Was ist die Beziehung zwischen Buchers Häutungsaktionen und deren filmischen Aufzeichnungen? Zielt sie auf einen Moment der Gemeinschaftsbildung mit den Betrachter*innen, um eine körperliche Erfahrung zu teilen? Bucher lenkt den Blick auf den Körper im Raum, dem dynamische Beziehungen widerfahren und sich Erlebnisse, Emotionen und Affekte einschreiben. Die Anwesenheit des Künstlerkörpers ist unerlässlich, wobei die Zuschauer*innen mit ihrer eigenen Wahrnehmung sich auch zu einem späteren Zeitpunkt ins Verhältnis zur Aktion setzen können.

Bucher erlangt Autonomie in den Räumen einstiger Handlungsunfähigkeit – und erfährt Selbstermächtigung.
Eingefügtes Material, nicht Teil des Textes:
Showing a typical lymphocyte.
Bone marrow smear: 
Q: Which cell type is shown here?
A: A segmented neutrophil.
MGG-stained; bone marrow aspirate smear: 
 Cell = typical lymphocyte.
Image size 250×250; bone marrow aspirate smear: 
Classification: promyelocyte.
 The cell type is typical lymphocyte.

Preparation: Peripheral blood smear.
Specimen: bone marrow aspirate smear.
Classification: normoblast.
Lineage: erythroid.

Die Unwiederholbarkeit der Aktion, jenseits ihrer medialen Aufzeichnung, mündet schließlich in ortsungebundene, raumgreifende Installationen. Ihre Plastik verkörpert Architektur und Körper zugleich, wobei deren eigene Bedingungen und Rezeption zur Diskussion stehen.
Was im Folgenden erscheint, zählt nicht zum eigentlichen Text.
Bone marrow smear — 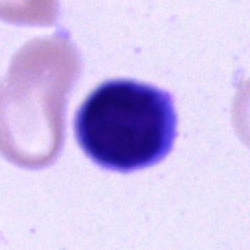
Single cell identified as a typical lymphocyte.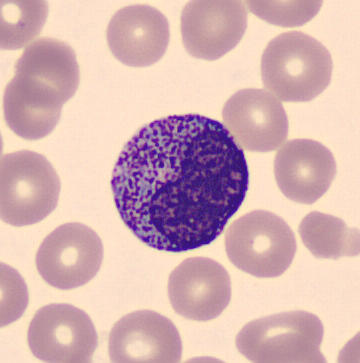Promyelocyte.

Acquisition: Peripheral blood film.

5:12:51 Impulsreferate und Podiumsdiskussion III 

Sensuelle Körperkonzepte und neue Lebensformen: Die Haut als Schnittstelle zur Welt 

  • Jenny Schlenzka, Direktorin, Performance Space, New York
  • Chus Martínez, Kunstkritikerin, Professorin und Leiterin des Instituts Kunst Gender Natur, Hochschule für Gestaltung und Kunst, Basel (Moderation)
  • Quinn Latimer, Kunstkritikerin, Dichterin und Schriftstellerin

Buchers an überdimensionierte Membranen erinnernden Latexhäute symbolisieren zugleich Körperpolitiken, indem der jeweilige Raum sich mit seiner sozialen Definition und Geschichte ins Material einschreibt. Bucher zielt darauf, einer Entfremdung des Körpers entgegenzuwirken. Bereits mit ihren frühen geschlechterlosen Skulpturen, den Bodyshells, verschreibt sie sich autonomen Lebensformen.

Die Abhängigkeiten von Gemeinschaften und die schmerzhafte Wahrnehmung des eigenen Selbst im Unterschied zu Kollektiven lässt Bucher in ihren hautähnlichen Installationen hervortreten. Inwiefern stellt Bucher sich Vorstellungen von naturgegebenen Verhältnissen als Legitimation für soziale Wirklichkeiten entgegen? Entlarvt und überwindet sie den Körper als Projektionsfläche gesellschaftlicher Fremdbestimmungen und wenn ja, welche neuen möglichen Formen des Zusammenlebens propagiert ihre Kunst?

6:10:59 Einführung Bodyshells Performance Luisa Seipp, Kuratorische Assistenz, Haus der Kunst 

6:14:53 Music for Bodyshells von Nik Bärtsch

Aus Buchers anfänglicher Faszination für ein Zusammenspiel von Kunst und Mode gingen schon im Kalifornien der frühen 1970er-Jahre geschlechterlose Körperskulpturen hervor. Die trag- und tanzbaren Körperskulpturen Bodyshells zelebrieren bereits ihren Skulpturenbegriff zwischen Performance und Objekt und lassen Skulptur, Architektur, Design und Tanz miteinander verschmelzen. Für ihre Präsentation im Rahmen dieser Ausstellung werden die Skulpturen eigens erneut rekonstruiert.